SOURCE MATERIAL ▸
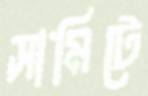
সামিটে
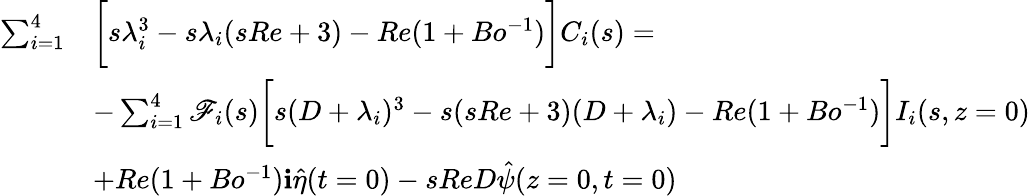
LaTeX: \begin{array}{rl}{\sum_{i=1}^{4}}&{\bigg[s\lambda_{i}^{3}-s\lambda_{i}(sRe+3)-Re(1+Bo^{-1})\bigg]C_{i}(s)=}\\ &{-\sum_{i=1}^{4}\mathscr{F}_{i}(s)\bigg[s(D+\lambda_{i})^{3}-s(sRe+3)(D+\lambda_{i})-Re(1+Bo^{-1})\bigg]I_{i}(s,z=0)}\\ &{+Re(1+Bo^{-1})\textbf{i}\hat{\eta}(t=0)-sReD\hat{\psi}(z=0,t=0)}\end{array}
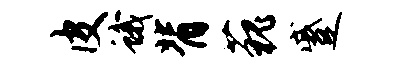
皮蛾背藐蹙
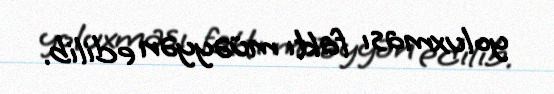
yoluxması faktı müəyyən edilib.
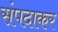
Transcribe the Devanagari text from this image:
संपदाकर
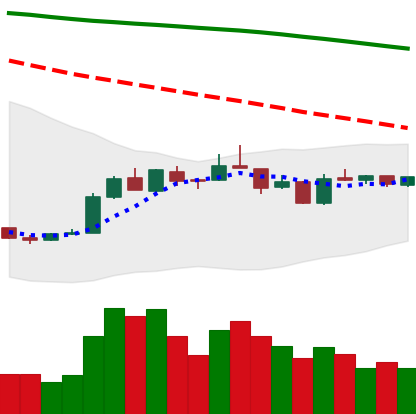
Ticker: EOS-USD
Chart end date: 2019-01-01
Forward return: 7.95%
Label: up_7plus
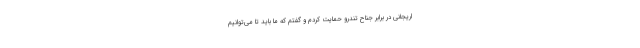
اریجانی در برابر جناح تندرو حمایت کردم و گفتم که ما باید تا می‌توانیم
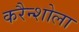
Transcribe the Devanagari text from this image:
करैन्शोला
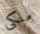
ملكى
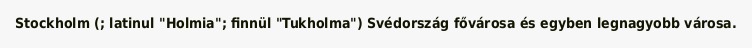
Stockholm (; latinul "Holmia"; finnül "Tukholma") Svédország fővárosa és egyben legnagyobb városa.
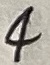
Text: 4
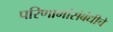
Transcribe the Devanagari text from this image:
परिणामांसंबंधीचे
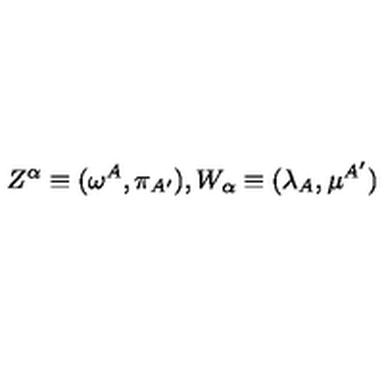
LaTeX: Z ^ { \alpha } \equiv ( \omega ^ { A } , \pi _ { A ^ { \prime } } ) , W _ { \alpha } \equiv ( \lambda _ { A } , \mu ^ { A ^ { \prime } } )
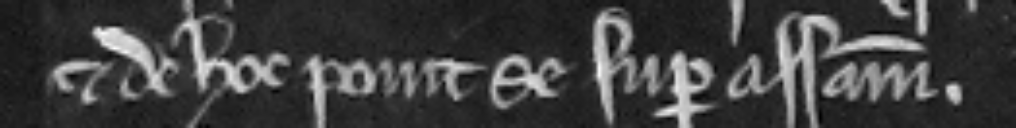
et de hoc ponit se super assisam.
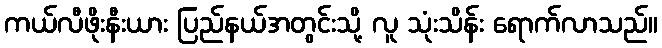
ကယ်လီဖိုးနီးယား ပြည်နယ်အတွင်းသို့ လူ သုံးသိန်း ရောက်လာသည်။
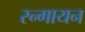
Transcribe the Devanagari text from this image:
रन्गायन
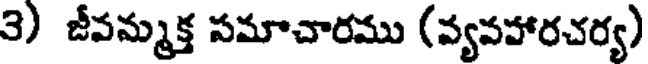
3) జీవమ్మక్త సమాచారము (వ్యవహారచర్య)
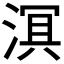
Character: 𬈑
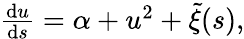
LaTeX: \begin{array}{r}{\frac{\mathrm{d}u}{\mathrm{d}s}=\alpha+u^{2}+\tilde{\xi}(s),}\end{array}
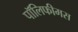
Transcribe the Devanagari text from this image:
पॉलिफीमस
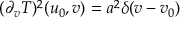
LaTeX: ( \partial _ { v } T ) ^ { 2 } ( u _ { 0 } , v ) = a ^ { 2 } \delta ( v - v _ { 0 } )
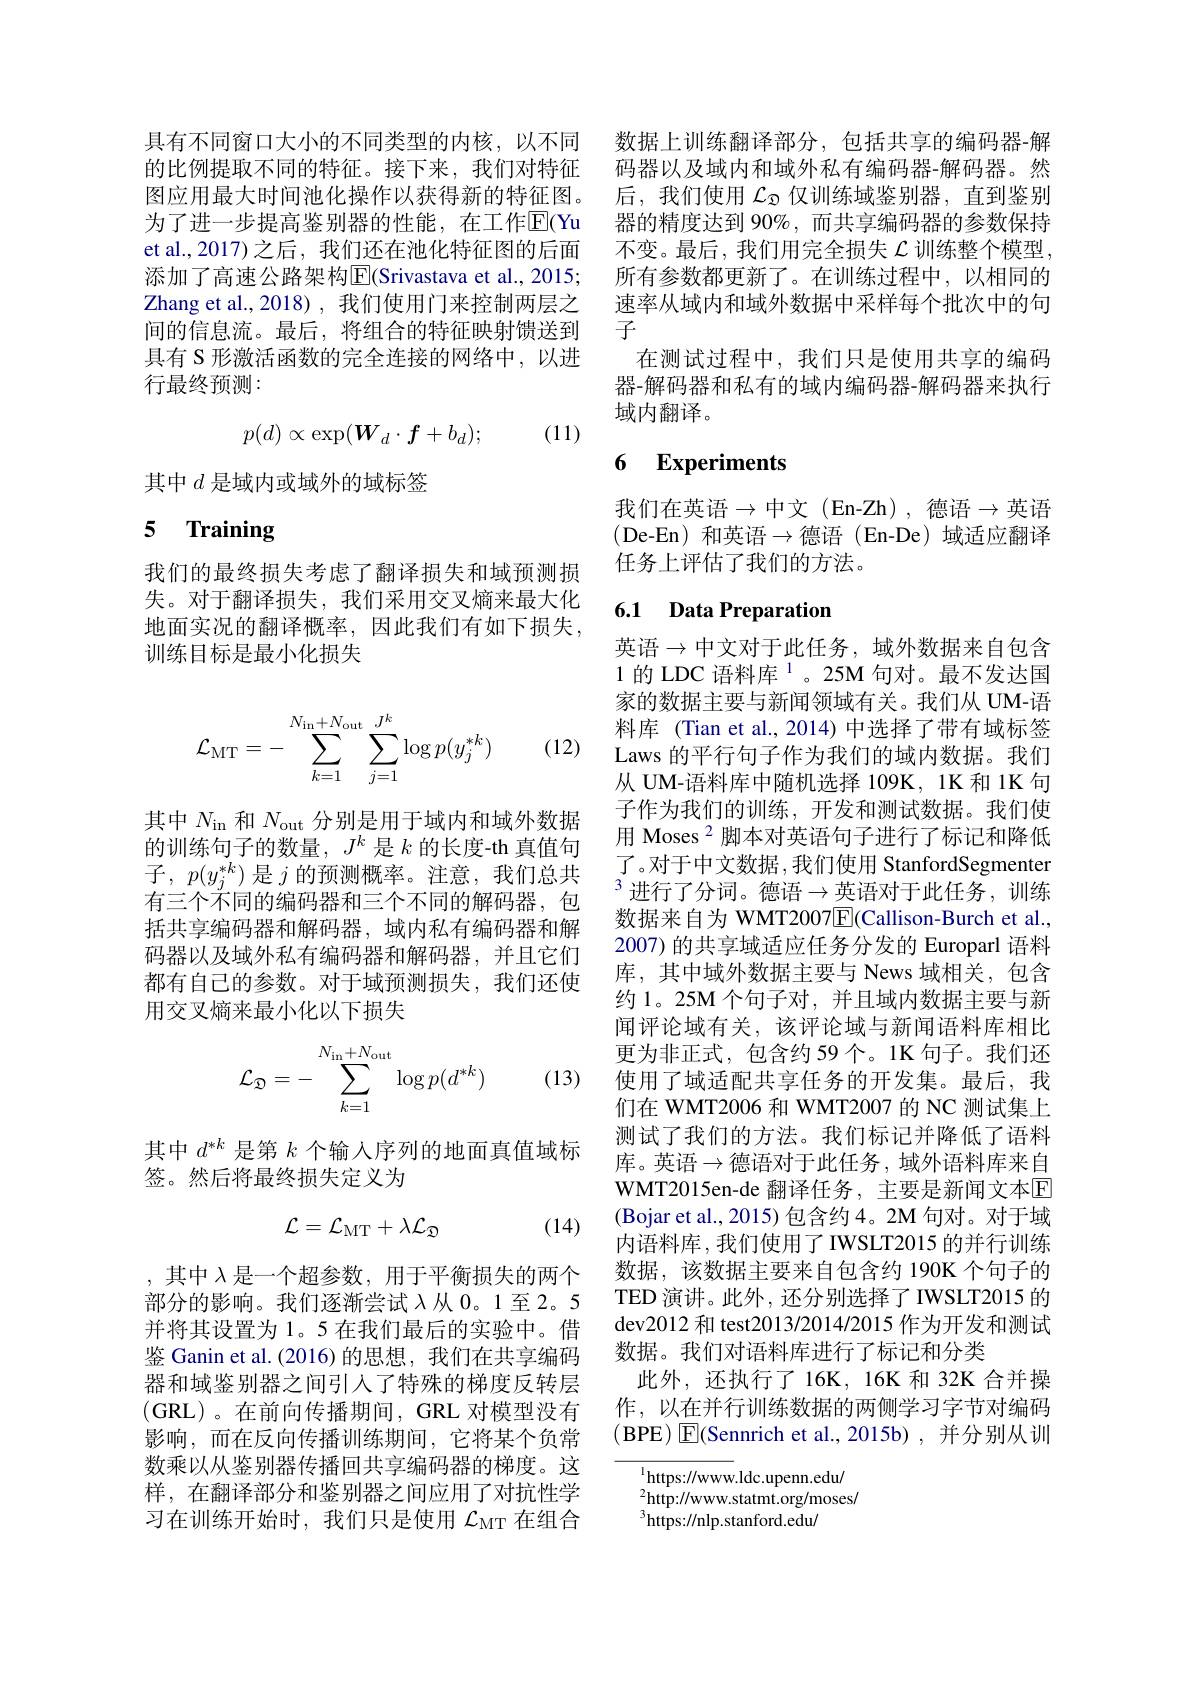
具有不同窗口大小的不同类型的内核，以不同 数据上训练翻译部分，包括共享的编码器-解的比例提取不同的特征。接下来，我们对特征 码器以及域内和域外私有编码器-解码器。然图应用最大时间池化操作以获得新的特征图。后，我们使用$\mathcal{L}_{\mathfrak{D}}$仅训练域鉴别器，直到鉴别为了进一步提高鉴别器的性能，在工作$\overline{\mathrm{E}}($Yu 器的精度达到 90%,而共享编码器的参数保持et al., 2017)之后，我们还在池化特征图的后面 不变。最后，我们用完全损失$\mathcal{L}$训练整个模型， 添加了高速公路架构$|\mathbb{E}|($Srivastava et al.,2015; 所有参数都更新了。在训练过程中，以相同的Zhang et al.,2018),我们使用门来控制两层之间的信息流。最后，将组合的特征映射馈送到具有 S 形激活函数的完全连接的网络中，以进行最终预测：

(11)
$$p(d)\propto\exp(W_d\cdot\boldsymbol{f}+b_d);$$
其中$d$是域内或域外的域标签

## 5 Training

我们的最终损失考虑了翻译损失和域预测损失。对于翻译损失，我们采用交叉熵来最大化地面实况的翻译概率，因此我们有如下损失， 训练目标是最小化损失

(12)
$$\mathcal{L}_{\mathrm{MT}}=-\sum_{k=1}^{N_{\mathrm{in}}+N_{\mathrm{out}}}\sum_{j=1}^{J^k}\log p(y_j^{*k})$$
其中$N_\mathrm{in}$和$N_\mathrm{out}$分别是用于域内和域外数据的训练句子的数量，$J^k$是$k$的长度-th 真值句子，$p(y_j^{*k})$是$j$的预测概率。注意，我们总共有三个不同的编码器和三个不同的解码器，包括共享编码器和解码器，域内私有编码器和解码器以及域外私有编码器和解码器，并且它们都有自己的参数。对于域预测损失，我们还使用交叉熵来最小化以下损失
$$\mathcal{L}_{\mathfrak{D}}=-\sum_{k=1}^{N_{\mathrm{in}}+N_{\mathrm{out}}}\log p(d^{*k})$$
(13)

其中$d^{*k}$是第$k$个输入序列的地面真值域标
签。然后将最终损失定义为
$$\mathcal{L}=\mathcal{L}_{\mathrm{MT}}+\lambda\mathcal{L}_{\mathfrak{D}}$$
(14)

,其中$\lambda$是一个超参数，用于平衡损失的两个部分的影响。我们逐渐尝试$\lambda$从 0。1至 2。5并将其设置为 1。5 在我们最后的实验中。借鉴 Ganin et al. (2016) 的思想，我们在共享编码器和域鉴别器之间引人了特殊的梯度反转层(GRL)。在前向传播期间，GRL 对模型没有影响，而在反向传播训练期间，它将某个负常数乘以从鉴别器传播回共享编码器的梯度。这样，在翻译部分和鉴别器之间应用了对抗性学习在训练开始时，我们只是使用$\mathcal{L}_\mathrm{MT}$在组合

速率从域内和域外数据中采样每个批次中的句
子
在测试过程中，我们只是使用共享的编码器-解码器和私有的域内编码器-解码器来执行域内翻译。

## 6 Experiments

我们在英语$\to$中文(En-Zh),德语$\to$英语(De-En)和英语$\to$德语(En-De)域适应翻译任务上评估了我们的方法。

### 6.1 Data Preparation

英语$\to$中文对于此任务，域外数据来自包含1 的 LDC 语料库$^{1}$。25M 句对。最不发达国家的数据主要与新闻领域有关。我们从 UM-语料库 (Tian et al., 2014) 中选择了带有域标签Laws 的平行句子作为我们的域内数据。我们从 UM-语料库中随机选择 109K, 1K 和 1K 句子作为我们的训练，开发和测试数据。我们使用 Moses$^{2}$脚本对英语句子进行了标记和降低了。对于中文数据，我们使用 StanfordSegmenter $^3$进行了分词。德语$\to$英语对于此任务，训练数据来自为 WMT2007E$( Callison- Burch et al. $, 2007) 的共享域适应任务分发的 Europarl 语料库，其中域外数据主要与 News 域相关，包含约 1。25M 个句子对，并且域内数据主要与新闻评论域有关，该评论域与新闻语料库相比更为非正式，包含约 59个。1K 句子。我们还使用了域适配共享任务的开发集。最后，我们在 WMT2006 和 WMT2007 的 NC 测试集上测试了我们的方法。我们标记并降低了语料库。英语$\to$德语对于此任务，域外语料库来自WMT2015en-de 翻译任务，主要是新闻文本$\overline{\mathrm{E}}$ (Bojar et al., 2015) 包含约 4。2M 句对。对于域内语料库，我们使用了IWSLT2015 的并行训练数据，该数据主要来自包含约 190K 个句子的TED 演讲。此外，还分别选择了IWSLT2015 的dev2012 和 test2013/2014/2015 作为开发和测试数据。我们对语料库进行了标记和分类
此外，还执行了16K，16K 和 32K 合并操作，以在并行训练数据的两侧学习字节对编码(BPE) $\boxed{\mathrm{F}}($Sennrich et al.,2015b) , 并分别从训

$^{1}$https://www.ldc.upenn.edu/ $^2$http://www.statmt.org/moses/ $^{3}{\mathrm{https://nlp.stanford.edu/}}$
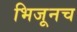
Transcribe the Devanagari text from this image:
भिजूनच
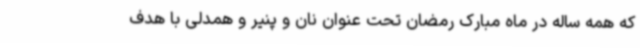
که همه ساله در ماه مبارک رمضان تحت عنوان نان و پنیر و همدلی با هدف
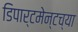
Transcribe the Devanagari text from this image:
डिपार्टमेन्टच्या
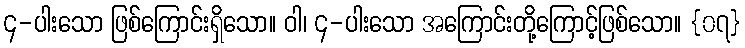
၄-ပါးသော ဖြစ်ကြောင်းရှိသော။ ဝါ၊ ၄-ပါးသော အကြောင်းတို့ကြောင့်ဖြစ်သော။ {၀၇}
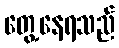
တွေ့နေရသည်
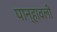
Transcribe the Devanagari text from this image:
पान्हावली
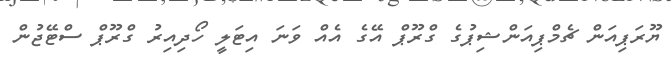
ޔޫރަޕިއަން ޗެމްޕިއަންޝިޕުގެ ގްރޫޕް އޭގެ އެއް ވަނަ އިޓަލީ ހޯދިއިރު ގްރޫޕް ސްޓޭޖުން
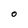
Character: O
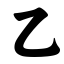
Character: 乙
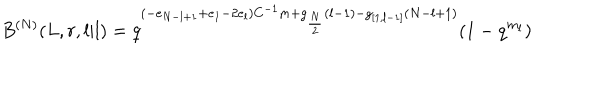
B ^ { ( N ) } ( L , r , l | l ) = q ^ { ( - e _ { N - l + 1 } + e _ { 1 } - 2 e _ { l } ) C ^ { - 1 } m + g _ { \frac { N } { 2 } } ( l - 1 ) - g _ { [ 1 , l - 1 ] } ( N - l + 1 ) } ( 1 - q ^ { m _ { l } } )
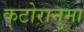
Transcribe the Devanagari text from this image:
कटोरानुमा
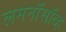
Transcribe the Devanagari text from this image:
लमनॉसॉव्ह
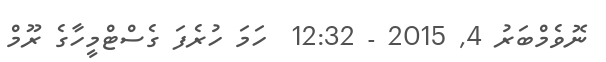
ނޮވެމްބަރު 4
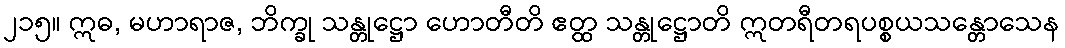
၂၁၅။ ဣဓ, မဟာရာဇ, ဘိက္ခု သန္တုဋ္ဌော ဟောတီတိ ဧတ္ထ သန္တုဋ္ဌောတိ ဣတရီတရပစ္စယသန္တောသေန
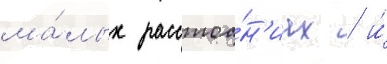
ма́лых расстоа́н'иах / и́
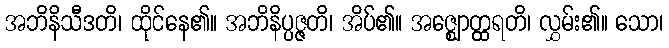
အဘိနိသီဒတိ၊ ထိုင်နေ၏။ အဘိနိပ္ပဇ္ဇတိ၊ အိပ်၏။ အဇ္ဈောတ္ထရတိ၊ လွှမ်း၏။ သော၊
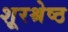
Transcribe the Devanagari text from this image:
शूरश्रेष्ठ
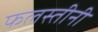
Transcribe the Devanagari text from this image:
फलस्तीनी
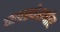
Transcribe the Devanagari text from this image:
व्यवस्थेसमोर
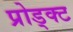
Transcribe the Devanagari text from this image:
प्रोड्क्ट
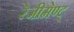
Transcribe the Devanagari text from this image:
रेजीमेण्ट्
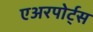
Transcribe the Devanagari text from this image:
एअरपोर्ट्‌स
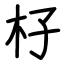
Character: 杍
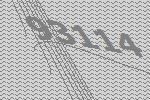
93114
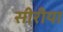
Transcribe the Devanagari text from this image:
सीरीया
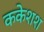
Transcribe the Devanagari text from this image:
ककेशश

WORK TASK ▸ Answer with the count alone: how many lines in the data above have "mathfrak" in them?

RESULT OF THE TASK ▸ 3